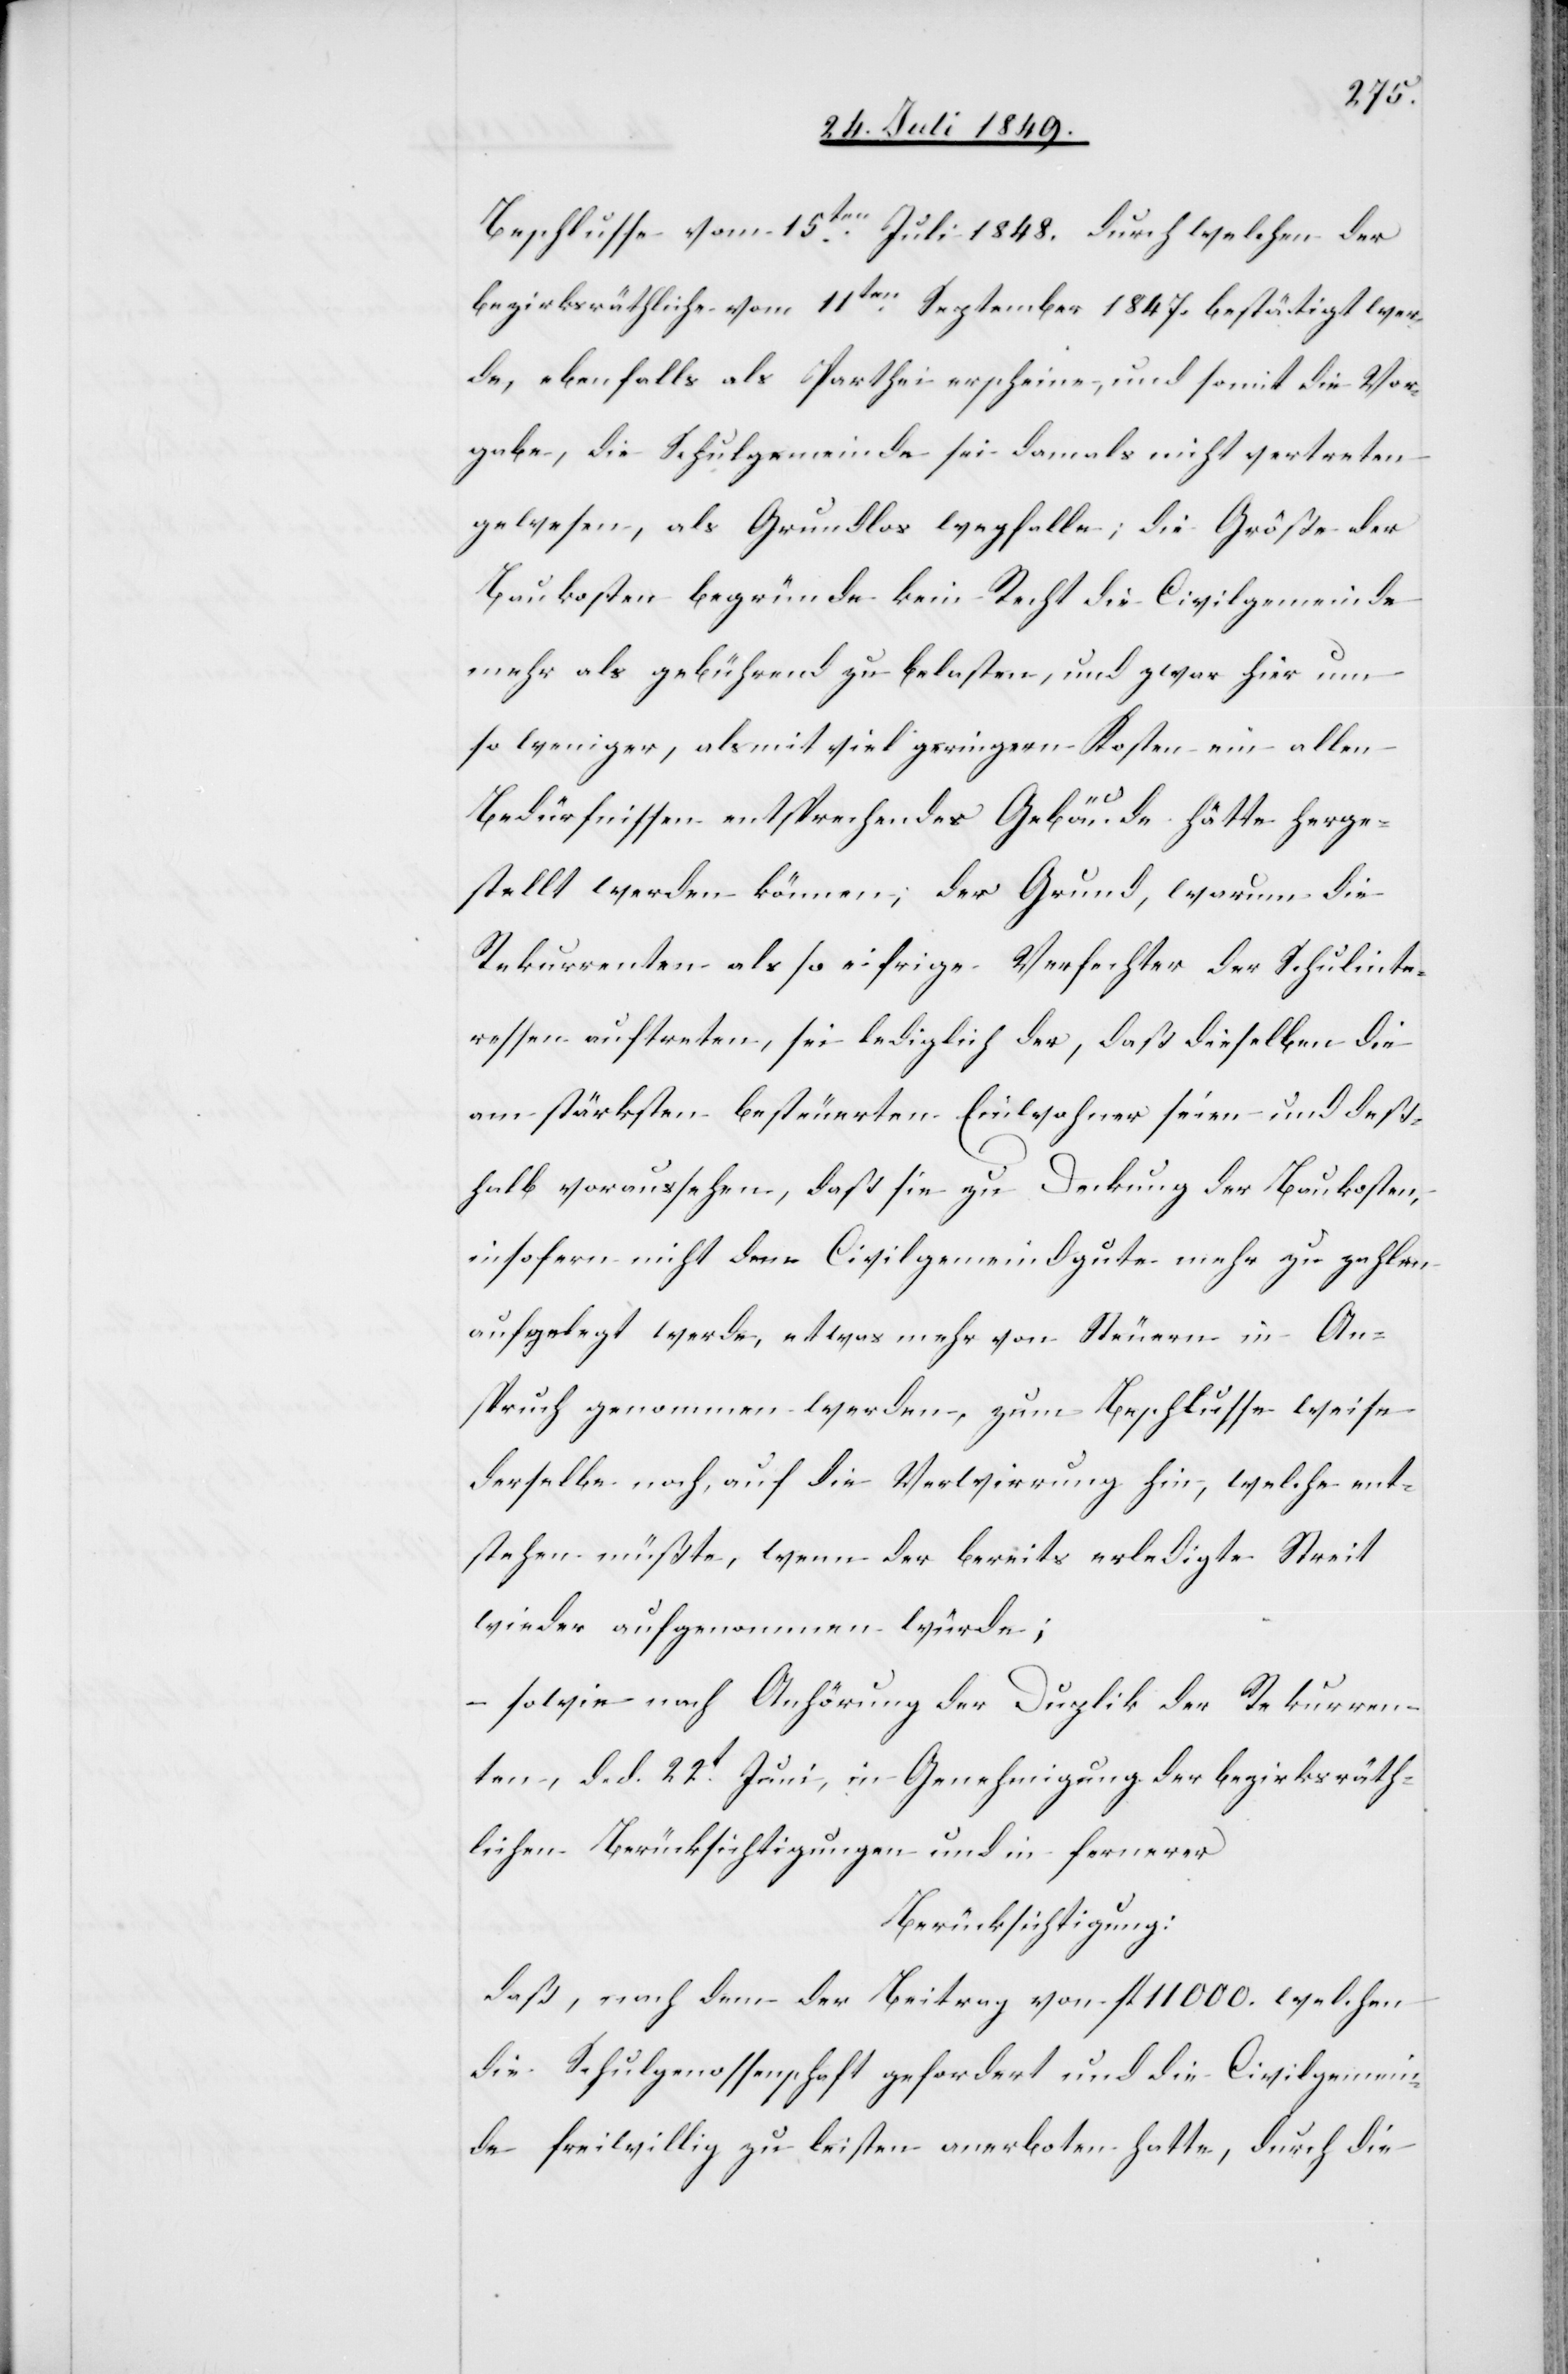
Beschlusse vom 15ten Juli 1848. durch welchen der
bezirksräthliche vom 11ten September 1847. bestätigt wer¬
de, ebenfalls als Parthei erscheine, und somit die Vor¬
gabe, die Schulgemeinde sei damals nicht vertreten
gewesen, als Grundlos wegfalle; die Größe der
Baukosten begründe kein Recht die Civilgemeinde
mehr als gebührend zu belasten, und zwar hier um
so weniger, als mit viel geringern Kosten ein allen
Bedürfnissen entsprechendes Gebäude hätte herge¬
stellt werden können; der Grund, warum die
Rekurrenten als so eifrige Verfechter der Schulinte¬
ressen auftreten, sei lediglich der, daß dieselben die
am stärksten besteuerten Einwohner seien und deß¬
halb voraussehen, daß sie zu Deckung der Baukosten,
insofern nicht den Civilgemeindgute mehr zu zahlen
aufgelegt werde, etwas mehr von Steuern in An¬
spruch genommen werden, zum Beschlusse weise
derselbe noch, auf die Verwirrung hin, welche ent¬
stehen müßte, wenn der bereits erledigte Streit
wieder aufgenommen würde;
– sowie nach Anhörung der Duplik der Rekurren¬
ten, d. d. 22t Juni, in Genehmigung der bezirksräth¬
lichen Berücksichtigung und in fernerer
Berücksichtigung:
daß, nach dem der Beitrag von fl. 11 000. welchen
die Schulgenossenschaft gefordert und die Civilgemein¬
de freiwillig zu leisten anerboten hatte, durch die
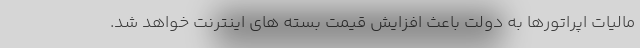
مالیات اپراتورها به دولت باعث افزایش قیمت بسته های اینترنت خواهد شد.
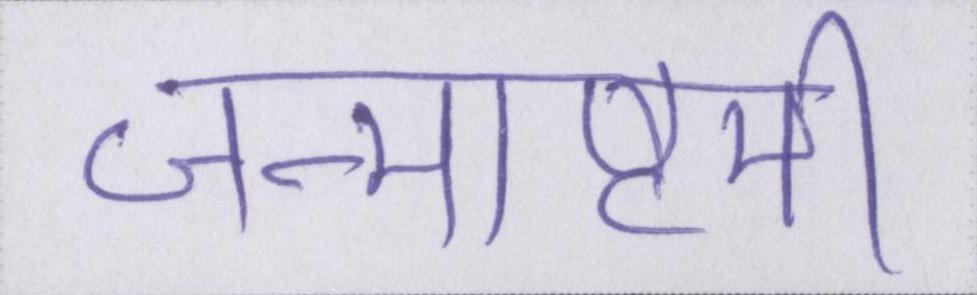
जन्माष्टमी
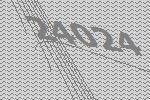
24024
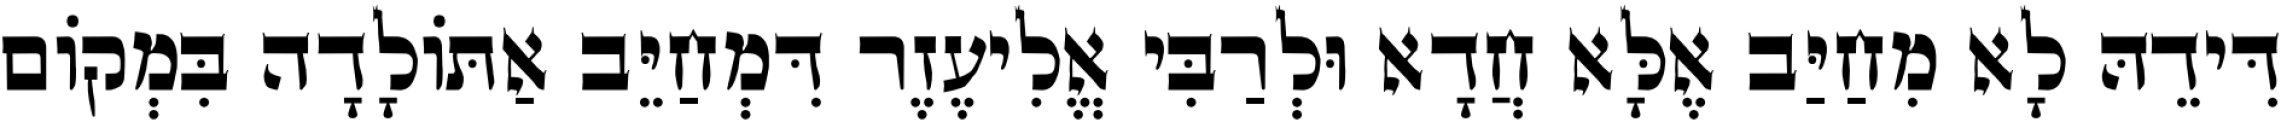
דִּידֵהּ לָא מִחַיַּב אֶלָּא חֲדָא וּלְרַבִּי אֱלִיעֶזֶר דִּמְחַיֵּב אַתּוֹלָדָה בִּמְקוֹם
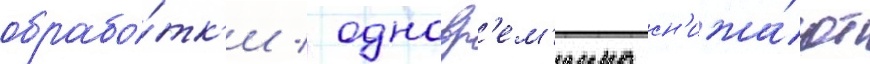
обрабо́тк'и / одновр'ем'енно сн'ижа́ют
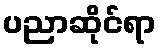
ပညာဆိုင်ရာ
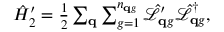
\begin{array} { r } { \hat { H } _ { 2 } ^ { \prime } = \frac { 1 } { 2 } \sum _ { \mathbf q } \sum _ { g = 1 } ^ { n _ { \mathbf q g } } \hat { \mathcal L } _ { \mathbf { q } g } ^ { \prime } \hat { \mathcal L } _ { \mathbf { q } g } ^ { \dagger } , } \end{array}
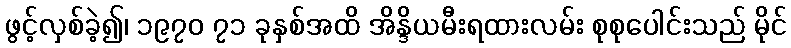
ဖွင့်လှစ်ခဲ့၍၊ ၁၉၇၀ ၇၁ ခုနှစ်အထိ အိန္ဒိယမီးရထားလမ်း စုစုပေါင်းသည် မိုင်
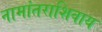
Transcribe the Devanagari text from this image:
नामांतराशिवाय
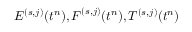
E ^ { ( s , j ) } ( t ^ { n } ) , \boldsymbol { F } ^ { ( s , j ) } ( t ^ { n } ) , T ^ { ( s , j ) } ( t ^ { n } )
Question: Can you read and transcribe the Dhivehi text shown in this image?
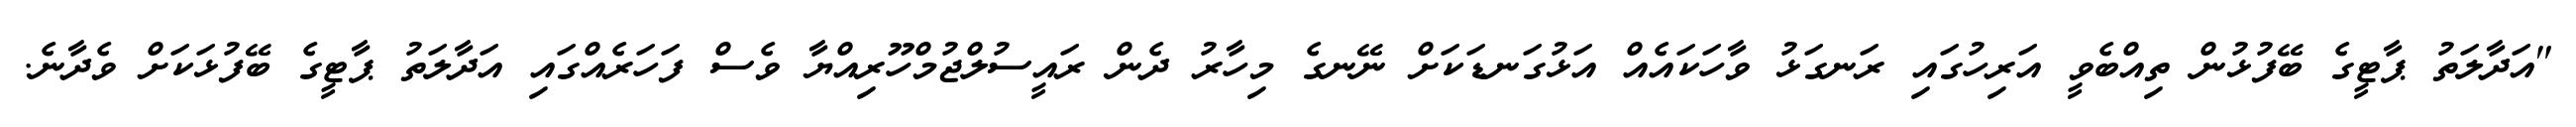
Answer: "އަދާލަތު ޕާޓީގެ ބޭފުޅުން ތިއްބެވީ އަރިހުގައި ރަނގަޅު ވާހަކައެއް އަޅުގަނޑަކަށް ނޭނގެ މިހާރު ދެން ރައީސުލްޖުމްހޫރިއްޔާ ވެސް ފަހަރެއްގައި އަދާލަތު ޕާޓީގެ ބޭފުޅަކަށް ވެދާނެ.
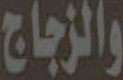
والزجاج
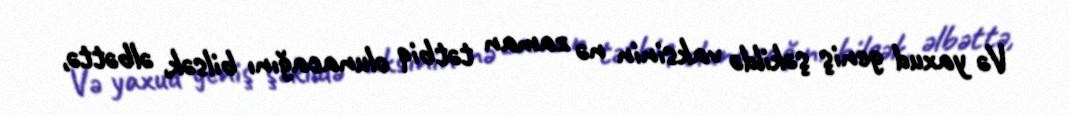
Və yaxud geniş şəkildə vaksinin nə zaman tətbiq olunacağını bilsək, əlbəttə,
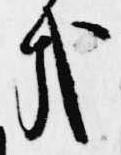
哉
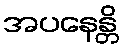
အပနေန္တိ
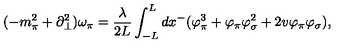
( - m _ { \pi } ^ { 2 } + \partial _ { \bot } ^ { 2 } ) \omega _ { \pi } = \frac { \lambda } { 2 L } \int _ { - L } ^ { L } d x ^ { - } ( \varphi _ { \pi } ^ { 3 } + \varphi _ { \pi } \varphi _ { \sigma } ^ { 2 } + 2 v \varphi _ { \pi } \varphi _ { \sigma } ) ,

_ _ _ _ _

## [REQUIRED WORK]
Would you reproduce the lines above, from the very first through the line containing "aufgelegt werde, etwas", exactly and without the pictures?

## [REPLY TO THE TASK]
Beschlusse vom 15ten Juli 1848. durch welchen der
bezirksräthliche vom 11ten September 1847. bestätigt wer¬
de, ebenfalls als Parthei erscheine, und somit die Vor¬
gabe, die Schulgemeinde sei damals nicht vertreten
gewesen, als Grundlos wegfalle; die Größe der
Baukosten begründe kein Recht die Civilgemeinde
mehr als gebührend zu belasten, und zwar hier um
so weniger, als mit viel geringern Kosten ein allen
Bedürfnissen entsprechendes Gebäude hätte herge¬
stellt werden können; der Grund, warum die
Rekurrenten als so eifrige Verfechter der Schulinte¬
ressen auftreten, sei lediglich der, daß dieselben die
am stärksten besteuerten Einwohner seien und deß¬
halb voraussehen, daß sie zu Deckung der Baukosten,
insofern nicht den Civilgemeindgute mehr zu zahlen
aufgelegt werde, etwas mehr von Steuern in An¬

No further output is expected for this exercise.